As mentioned earlier, in automatic market makers, the profit of the arbitrageur corresponds to the impermanent loss of the liquidity provider. To compensate for the loss of liquidity providers and market makers automatically charge transaction fees to investors, fee income and transfer payments to liquidity providers. However, due to the limited transaction volume in the chain and the low fee standard, the ” fee income <impermanence loss ” of liquidity providers is a common problem. Liquidity providers are equivalent to providing liquidity as a public product at their own expense.
Some auto makers introducing governance tokens as additional compensation to liquidity providers, in order to alleviate the problem of unsustainable commercial liquidity providers face. But the value capture ability of governance tokens is weak. For example, the valuation of the company stock, in general, estimates the company’s future earnings and dividends, then the estimated future cash flows stock holder, and then get the discount to the current stock valuations. If the investor’s equity ratio does not reach the threshold of 33% or 50% , the value of the voting rights corresponding to the stock will generally not be considered. Therefore, the effectiveness of the automatic market maker’s governance token remains to be further observed. The future direction should improve the charging method and governance token design in automatic market makers.

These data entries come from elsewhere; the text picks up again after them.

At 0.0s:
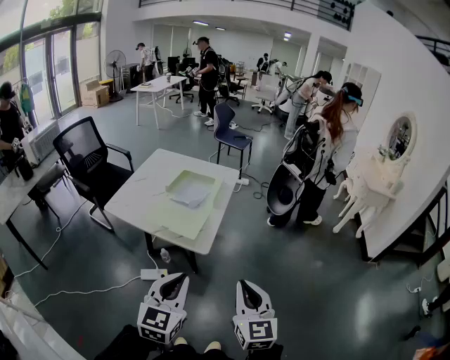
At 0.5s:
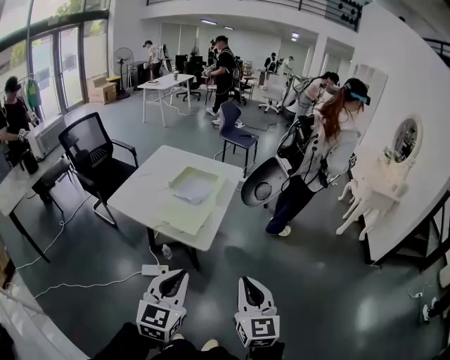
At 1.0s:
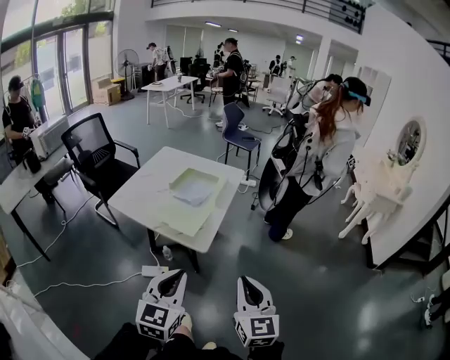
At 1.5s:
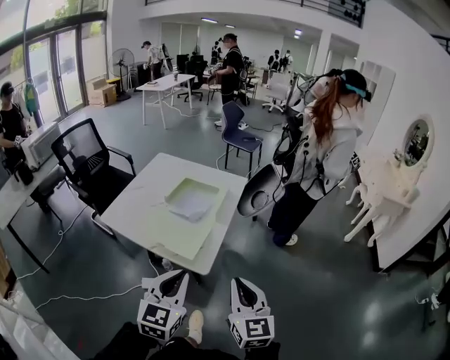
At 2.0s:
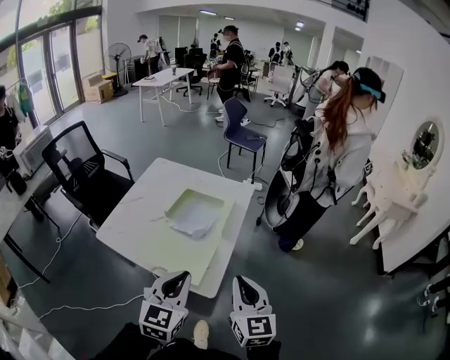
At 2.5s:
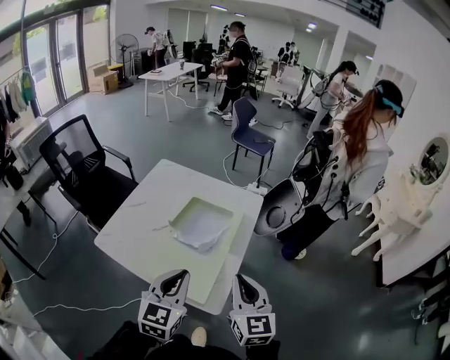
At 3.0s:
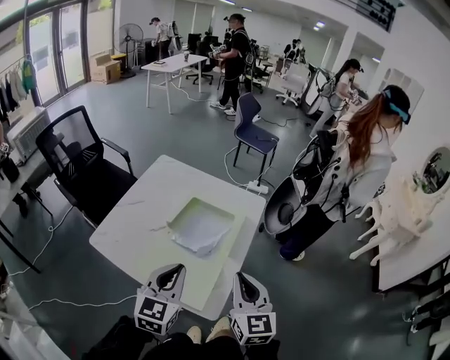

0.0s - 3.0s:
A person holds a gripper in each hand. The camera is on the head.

The above problems are common in the blockchain field. For example, if the block reward is not considered, or the block reward drops to a very low level, can the transaction fees received by PoW miners make up for the mining cost? For another example, can the user pay for the price of the oracle machine to make up for the cost of the oracle machine? These issues involve the provision and financing of public goods under decentralized environment in nature. To solve these problems, we must refer to the economic theory of public goods.
Risk and interconnection
DeFi is the core business risks, including market risk, liquidity risk, technology risk and credit risk. Market risk comes from fluctuations in the price of encrypted assets. In DeFi, the widespread application of over-collateralization and staking converts the credit risk of the address into the liquidity risk of the collateral, so the credit risk is not as prominent as in mainstream finance (the bank and corporate bond markets are mainly credit risk). DeFi technical risk than is necessary to highlight the financial mainstream much more likely to come from vulnerability intelligence contracts may limit public chain from the TPS.

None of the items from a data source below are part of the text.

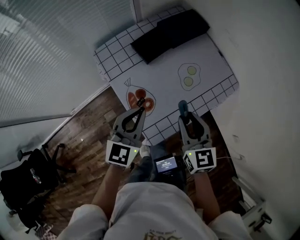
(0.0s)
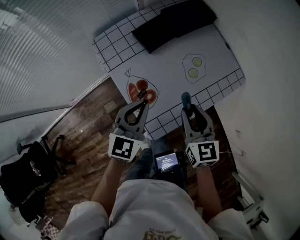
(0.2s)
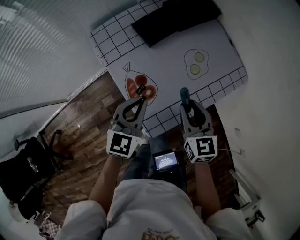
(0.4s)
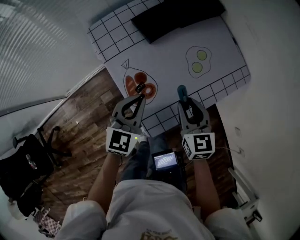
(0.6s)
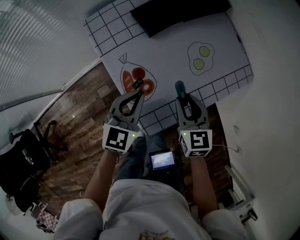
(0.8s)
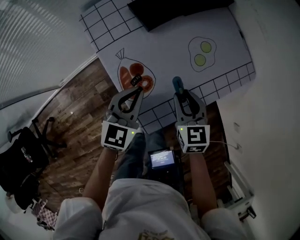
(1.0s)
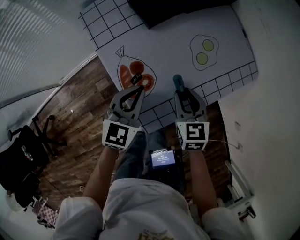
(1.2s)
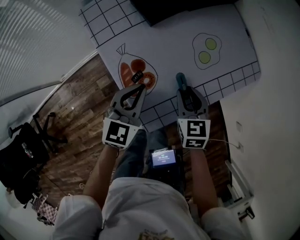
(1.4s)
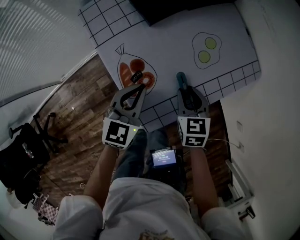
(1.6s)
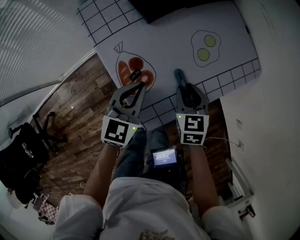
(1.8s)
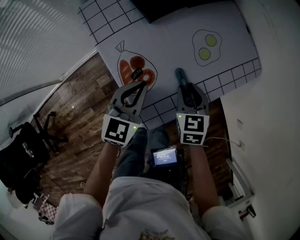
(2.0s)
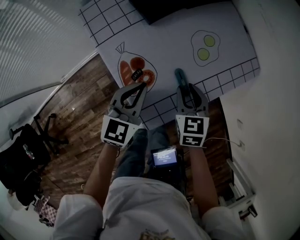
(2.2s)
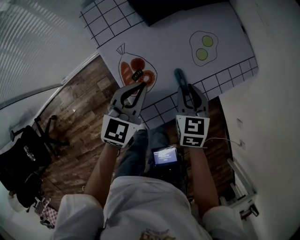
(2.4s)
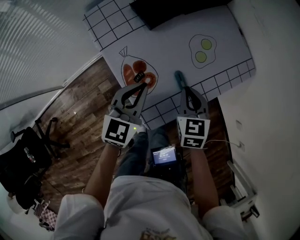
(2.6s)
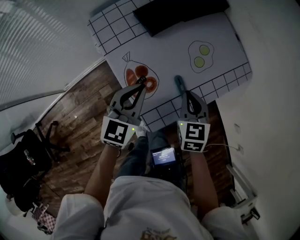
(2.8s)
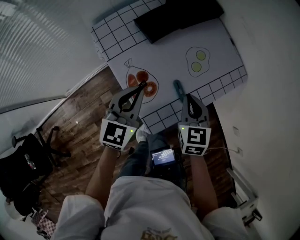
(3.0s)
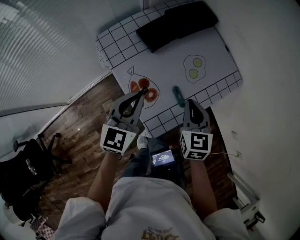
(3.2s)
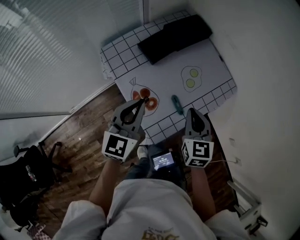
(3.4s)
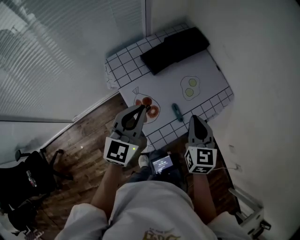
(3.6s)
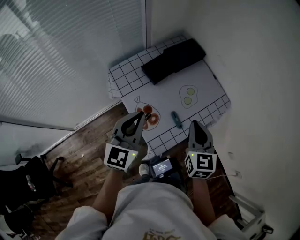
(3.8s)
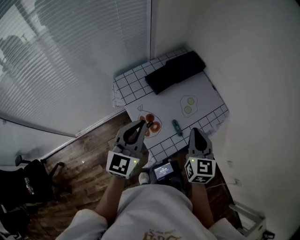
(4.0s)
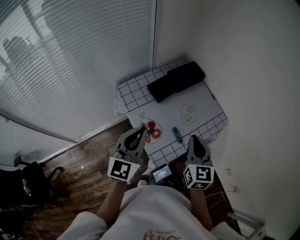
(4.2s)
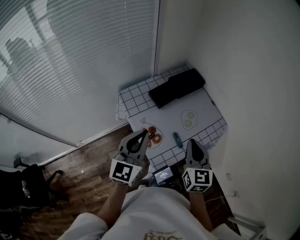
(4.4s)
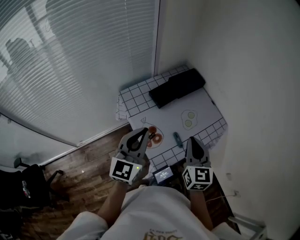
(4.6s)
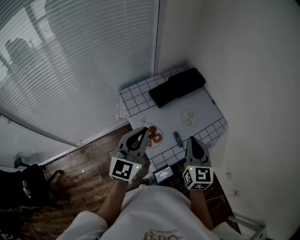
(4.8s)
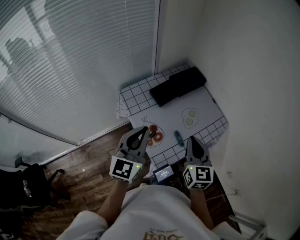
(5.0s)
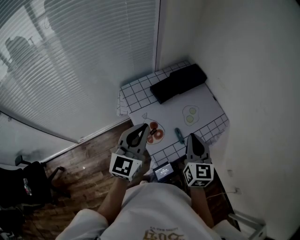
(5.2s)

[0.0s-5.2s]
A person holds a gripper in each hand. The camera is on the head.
0.0s to 1.8s: The grippers both shift downward by roughly 15 cm. The right gripper changes its angle by roughly 20 degrees.
1.8s to 3.4s: Both grippers move upward, about 15 cm. The right gripper turns by roughly 20 degrees, and closes.
3.4s to 5.2s: Both grippers move upward, roughly 10 cm.

DeFi various activities are essentially take risks in order to maximize revenue through. Risks can be transferred, shared, hedged, converted and dispersed, but they will never disappear.

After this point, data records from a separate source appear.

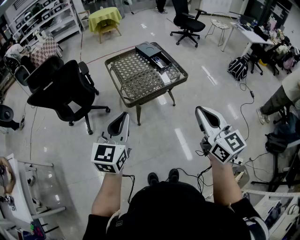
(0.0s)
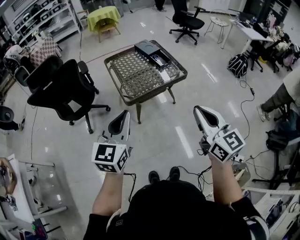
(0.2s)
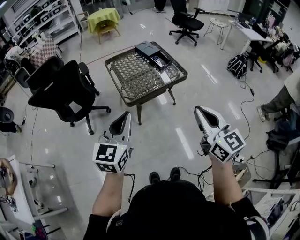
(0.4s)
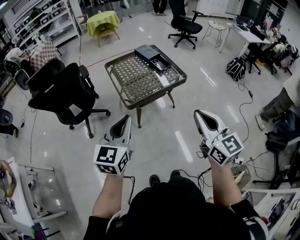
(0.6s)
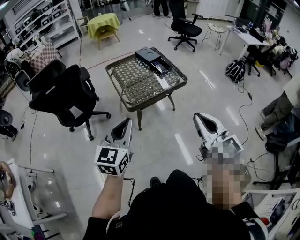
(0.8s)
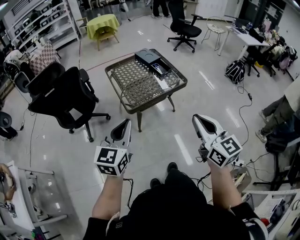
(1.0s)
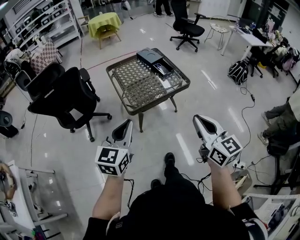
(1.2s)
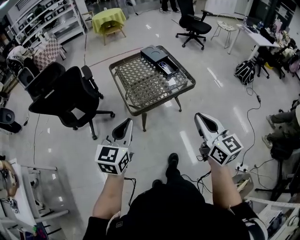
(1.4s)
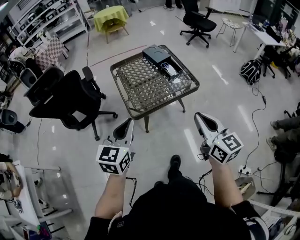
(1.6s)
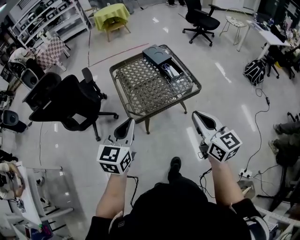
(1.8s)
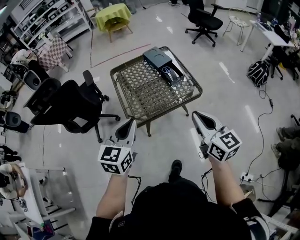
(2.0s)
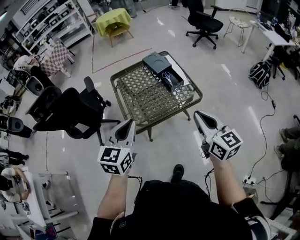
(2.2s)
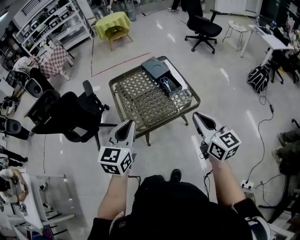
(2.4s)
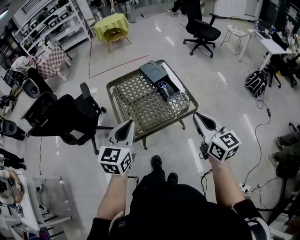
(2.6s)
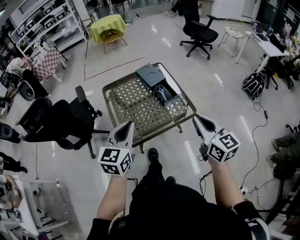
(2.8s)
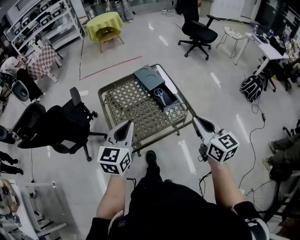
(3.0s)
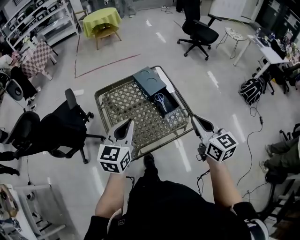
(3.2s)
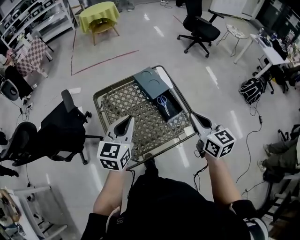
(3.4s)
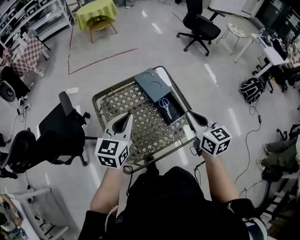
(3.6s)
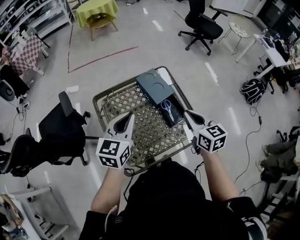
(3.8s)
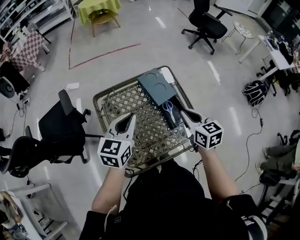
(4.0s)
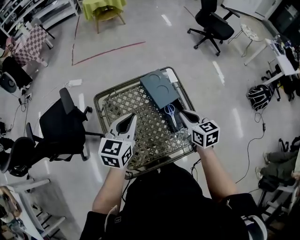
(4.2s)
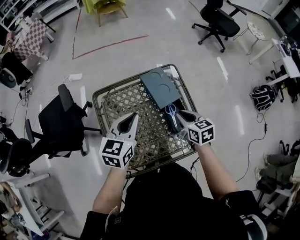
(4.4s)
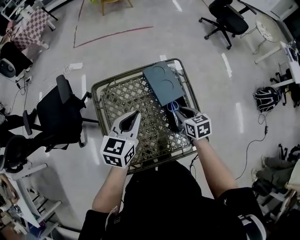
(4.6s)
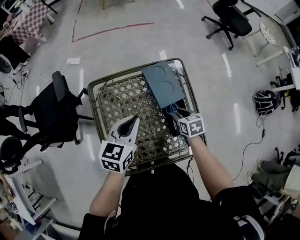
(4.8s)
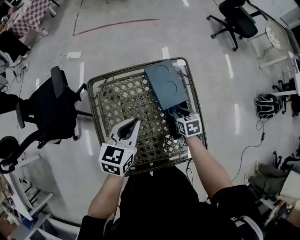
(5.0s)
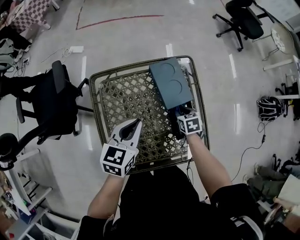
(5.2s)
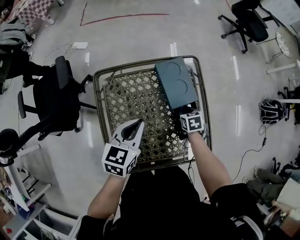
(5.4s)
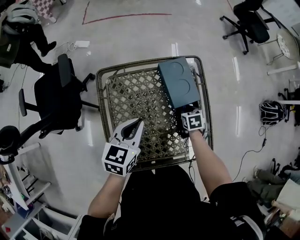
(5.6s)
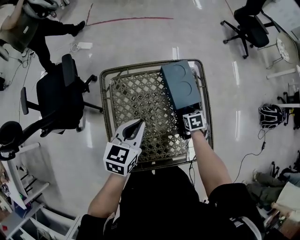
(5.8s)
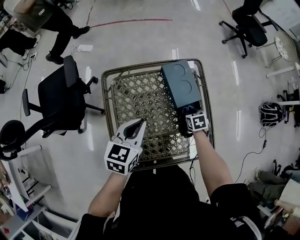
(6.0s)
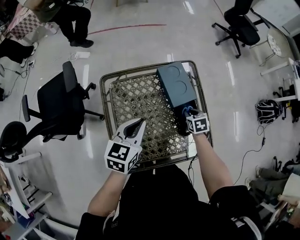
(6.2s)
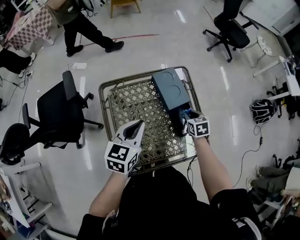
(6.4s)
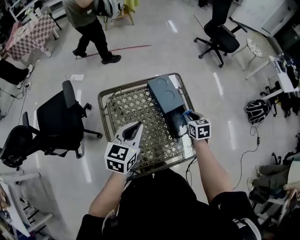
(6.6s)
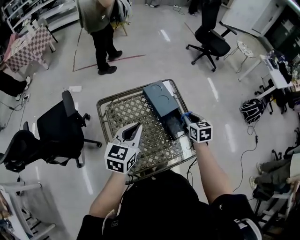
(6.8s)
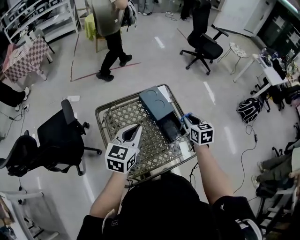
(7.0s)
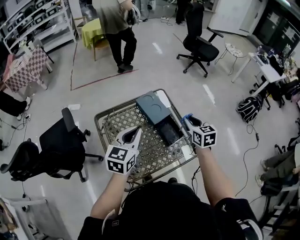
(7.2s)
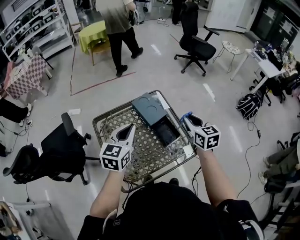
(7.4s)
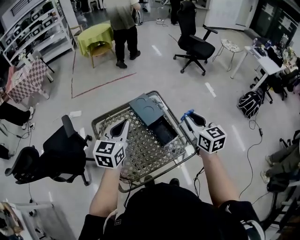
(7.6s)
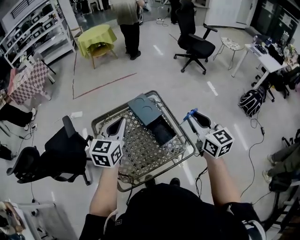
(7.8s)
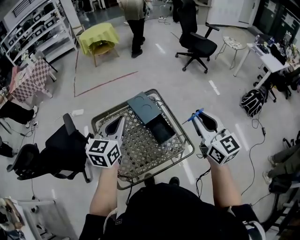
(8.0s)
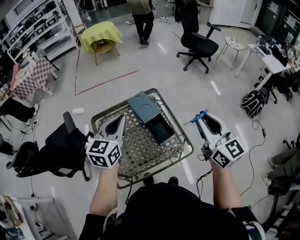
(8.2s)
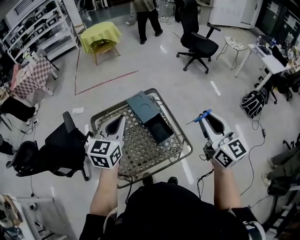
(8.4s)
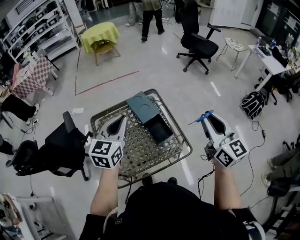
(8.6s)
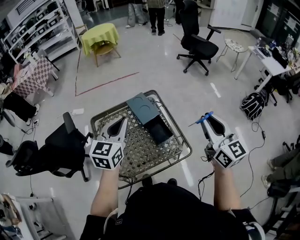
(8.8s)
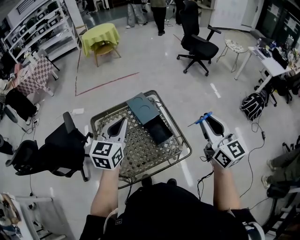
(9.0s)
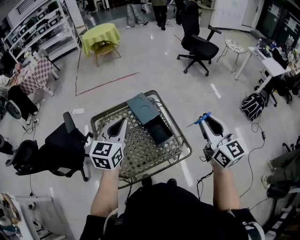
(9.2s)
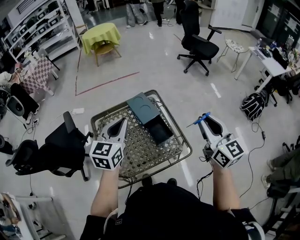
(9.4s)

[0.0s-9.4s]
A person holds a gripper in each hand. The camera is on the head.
0.0s to 1.6s: The right gripper moves forward and downward, about 15 cm, while the left gripper moves forward, approximately 10 cm.
1.6s to 3.2s: The grippers both shift forward by approximately 30 cm.
3.2s to 4.8s: The left gripper goes some 25 cm forward and downward; the right gripper heads downward and forward, covering about 40 cm, tilts its fingers about 40 degrees downward, and opens up.
6.2s to 7.8s: The right gripper is displaced upward by approximately 40 cm, and points its fingers about 50 degrees further upward. Meanwhile the left gripper moves upward, roughly 15 cm.
7.8s to 9.4s: The right gripper shifts about 5 cm to the right.

DeFi project to build modules for the finance function, has assembled sex. DeFi projects are interconnected and combined through channels such as information, funds, and risks. This helps to develop the DeFi ecosystem ” from point to area “, but it tends to lack an overall plan and accumulate risks. In particular, the more fundamental projects in the DeFi ecosystem, even though they have a “moat” status, the more likely it is to introduce a single point of failure risk.
Many researchers sort out the DeFi ecosystem according to different business types, but it is even more necessary to draw an overall ” risk map ” for the DeFi ecosystem. In the future, DeFi project in front of the line, in addition to doing smart contract other than the audit, should do the audit of the financial risk.